2. A dehumidification wheel with energy saving device as claimed in claim 1 wherein: The air outlet pipe (120) is equipped with a guide plate (121) for guiding humid air, and the lower end of the air outlet pipe (120) is provided with an air inlet slot (122) and an air outlet slot (123).
3. A dehumidification wheel with energy saving device as claimed in claim 2 wherein: The inner cavity of the air box (210) is connected to the air inlet slot (122) and the air outlet slot (123). A limiting block (211) for limiting the lifting assembly (220) is installed in the middle of the air box (210). Multiple ventilation slots (212) for supplying humid air are opened on both sides of the limiting block (211).
4. A dehumidifying impeller with an energy-saving device according to claim 1, characterized in that: A water tank (213) is installed at the lower end of the bellows (210), and an alarm (219) is installed at the bottom right side of the water tank (213). An air outlet (214) is opened at the bottom of the water tank (213), and a sealing plug (215) for sealing the air outlet (214) is installed at the lower end of the air outlet (214).
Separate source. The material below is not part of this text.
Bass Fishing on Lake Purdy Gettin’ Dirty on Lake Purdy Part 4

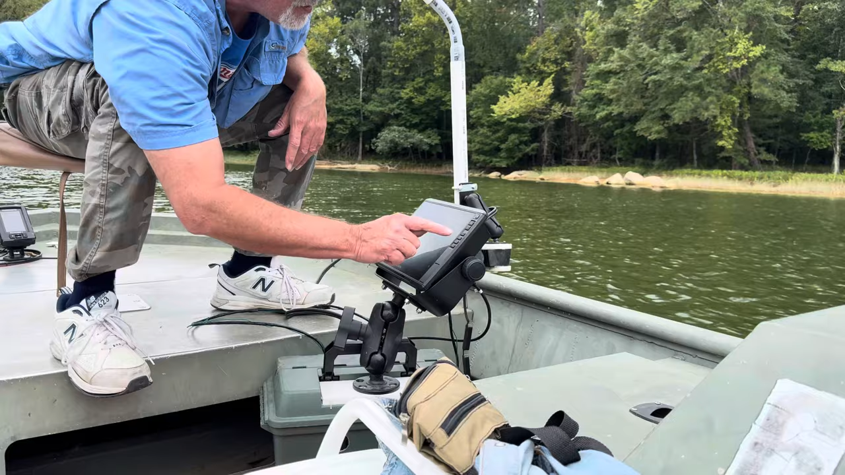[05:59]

5. A dehumidification wheel with energy saving device as claimed in claim 4 wherein: A groove (216) is provided on the upper right side of the water cylinder (213), a connecting block (217) is installed on the upper right side of the water cylinder (213), and a conductive spring piece (218) is installed on the lower end of the connecting block (217).
6. A dehumidification wheel with energy saving device as claimed in claim 5 wherein: The lifting assembly (220) includes a moisture-absorbing cotton (221), and a housing (222) is installed on the outside of the moisture-absorbing cotton (221). A connecting rod (223) is installed at the lower end of the housing (222), and the lower end of the connecting rod (223) is inside the water tank (213).
7. A dehumidification wheel with energy saving device as claimed in claim 6 wherein: A float plate (224) is installed at the bottom end of the first connecting rod (223), and a second connecting rod (225) that slides in the groove (216) is installed in the middle of the first connecting rod (223). A first conductive spring (226) that abuts against the second conductive spring (218) is installed at the upper end of the second connecting rod (225).